Successful mobilization of peripheral blood stem cells with the DHAP regimen (dexamethasone, cytarabine, cisplatinum) plus granulocyte colony-stimulating factor in patients with relapsed Hodgkin's disease.

作者信息

Smardova L, Engert A, Haverkamp H, Raemakers Jm, Baars Jw, Pfistner B, Diehl V, Josting A

机构信息

Internal Department of Hematooncology, University Hospital Brno, Brno, Czech Republic.

出版信息

Leuk Lymphoma. 2005 Jul;46(7):1017-22. doi: 10.1080/10428190500064276.

Abstract

High-dose chemotherapy followed by autologous stem cell transplantation can improve the outcome of relapsed and refractory Hodgkin's disease (HD) patients. The objective of the trial was to determine the mobilizing potential of the DHAP salvage regimen (dexamethasone, cytarabine, cisplatin) for the collection of peripheral blood stem cells (PBSC) in patients with relapsed HD. The target yield of harvesting CD34 + cells was > or =2 x 10(6)/kg in order to support the subsequent myeloablative chemotherapy.

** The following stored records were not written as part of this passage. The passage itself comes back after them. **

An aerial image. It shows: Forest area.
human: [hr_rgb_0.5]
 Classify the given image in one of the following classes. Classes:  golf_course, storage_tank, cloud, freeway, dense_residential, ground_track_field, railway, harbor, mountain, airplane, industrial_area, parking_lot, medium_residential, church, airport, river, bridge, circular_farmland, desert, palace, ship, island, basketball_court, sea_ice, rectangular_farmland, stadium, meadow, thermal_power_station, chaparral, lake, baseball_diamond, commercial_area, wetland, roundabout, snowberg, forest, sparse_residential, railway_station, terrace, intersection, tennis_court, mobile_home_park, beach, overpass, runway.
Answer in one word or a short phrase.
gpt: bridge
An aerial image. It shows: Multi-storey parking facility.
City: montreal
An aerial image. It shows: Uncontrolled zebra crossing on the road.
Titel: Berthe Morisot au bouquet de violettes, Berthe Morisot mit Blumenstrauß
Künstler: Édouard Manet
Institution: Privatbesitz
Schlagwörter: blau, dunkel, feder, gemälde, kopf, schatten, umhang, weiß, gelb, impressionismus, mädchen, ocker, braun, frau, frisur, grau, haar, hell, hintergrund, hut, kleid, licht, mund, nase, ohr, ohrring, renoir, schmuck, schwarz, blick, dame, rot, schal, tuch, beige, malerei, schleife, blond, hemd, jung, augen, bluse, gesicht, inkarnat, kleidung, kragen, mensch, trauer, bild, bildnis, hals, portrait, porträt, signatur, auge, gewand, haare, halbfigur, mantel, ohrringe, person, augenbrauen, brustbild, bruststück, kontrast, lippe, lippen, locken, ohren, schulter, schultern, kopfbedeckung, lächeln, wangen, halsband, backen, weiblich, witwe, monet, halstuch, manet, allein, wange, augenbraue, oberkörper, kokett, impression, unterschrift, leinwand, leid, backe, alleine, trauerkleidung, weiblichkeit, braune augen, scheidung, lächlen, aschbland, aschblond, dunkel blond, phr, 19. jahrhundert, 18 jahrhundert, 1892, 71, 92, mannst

Most of the 105 patients included were intensively pre-treated with different combination chemotherapy regimens prior to mobilization. The use of DHAP followed by granulocyte colony-stimulating factor (G-CSF; 10 microg/kg) resulted in the successful collection of adequate numbers of PBSC in 97.1% of patients (102 of 105) with a median harvest of CD34+ cells of 13 x 10(6)/kg (range 2.6 - 85.1). More than 2.0 x 10(6) CD34+ cells/kg were achieved in 65 of 103 (63%) patients after 1 apheresis, the maximum number of aphereses for all patients was 3. It was found that the optimal time of PBSC harvest was at days 13 - 16 after initiating the mobilization regimen. These results demonstrate that the salvage chemotherapy regimen, such as DHAP combined with G-CSF, can be successfully used to mobilize PBSC in HD patients.

摘要

大剂量化疗后进行自体干细胞移植可改善复发难治性霍奇金淋巴瘤(HD)患者的预后。该试验的目的是确定DHAP挽救方案(地塞米松、阿糖胞苷、顺铂)对复发HD患者外周血干细胞(PBSC)采集的动员潜力。为支持后续的清髓性化疗,采集CD34 +细胞的目标产量为≥2×10⁶/kg。纳入的105例患者中,大多数在动员前接受了不同联合化疗方案的强化预处理。使用DHAP后联合粒细胞集落刺激因子(G-CSF;10μg/kg),97.1%的患者(105例中的102例)成功采集到足够数量的PBSC,CD34 +细胞的中位采集量为13×10⁶/kg(范围2.6 - 85.1)。103例患者中的65例(63%)在1次单采后获得了超过2.0×10⁶ CD34 +细胞/kg,所有患者的最大单采次数为3次。发现PBSC采集的最佳时间是在启动动员方案后的第13 - 16天。这些结果表明,诸如DHAP联合G-CSF的挽救化疗方案可成功用于动员HD患者的PBSC。